If a line of the data below contains the string "unchanged", copy it into your answer.

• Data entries
**********
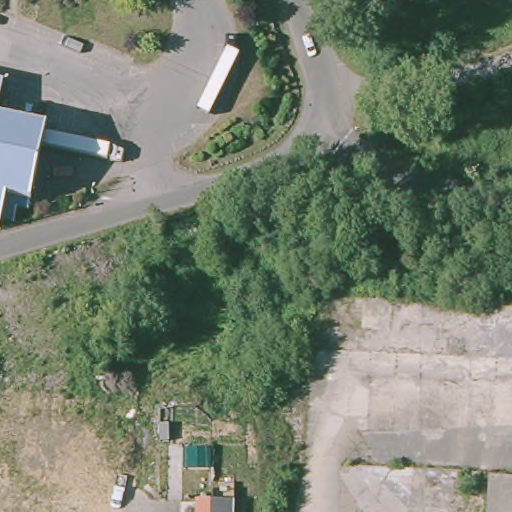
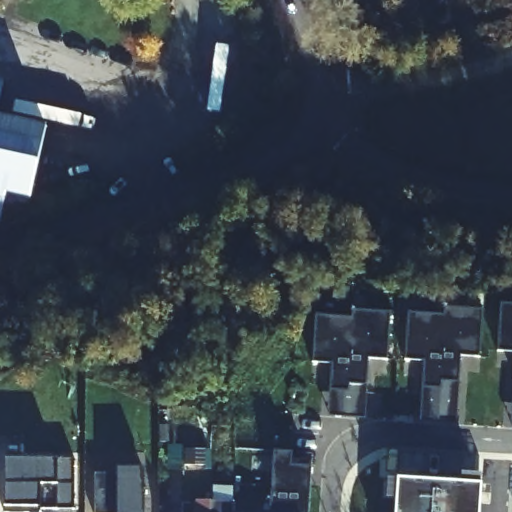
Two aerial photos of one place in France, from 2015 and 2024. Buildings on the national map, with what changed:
unchanged [(288,119),(295,107),(302,113),(296,124),(288,119)]
unchanged [(27,206),(16,203),(12,217),(0,214),(0,115),(44,124),(27,206)]
demolished [(215,224),(215,201),(236,201),(236,224),(215,224)]
new [(498,350),(501,302),(512,303),(512,351),(498,350)]
new [(439,423),(441,387),(439,422),(420,421),(422,386),(424,360),(405,359),(408,311),(444,313),(445,306),(483,308),(480,356),(461,355),(459,389),(457,424),(439,423)]
new [(347,417),(328,415),(330,389),(331,362),(312,361),(315,314),(351,316),(351,309),(390,311),(387,359),(368,358),(366,391),(365,418),(347,417)]
new [(210,474),(188,474),(189,450),(210,451),(210,474)]
new [(288,468),(307,469),(305,512),(270,512),(272,454),(288,454),(288,468)]
new [(71,512),(52,512),(52,488),(38,488),(40,512),(3,512),(5,461),(70,465),(71,512)]
new [(148,512),(99,512),(100,471),(150,471),(148,512)]
new [(388,498),(389,480),(398,481),(398,471),(420,472),(419,482),(480,485),(479,512),(397,512),(397,498),(388,498)]
demolished [(512,480),(512,512),(486,512),(489,479),(512,480)]
unchanged [(186,507),(187,496),(195,491),(210,491),(209,508),(209,512),(180,512),(180,507),(186,507)]
unchanged [(233,508),(233,512),(209,512),(209,508),(233,508)]
**********
• Output for this task
unchanged [(288,119),(295,107),(302,113),(296,124),(288,119)]
unchanged [(27,206),(16,203),(12,217),(0,214),(0,115),(44,124),(27,206)]
unchanged [(186,507),(187,496),(195,491),(210,491),(209,508),(209,512),(180,512),(180,507),(186,507)]
unchanged [(233,508),(233,512),(209,512),(209,508),(233,508)]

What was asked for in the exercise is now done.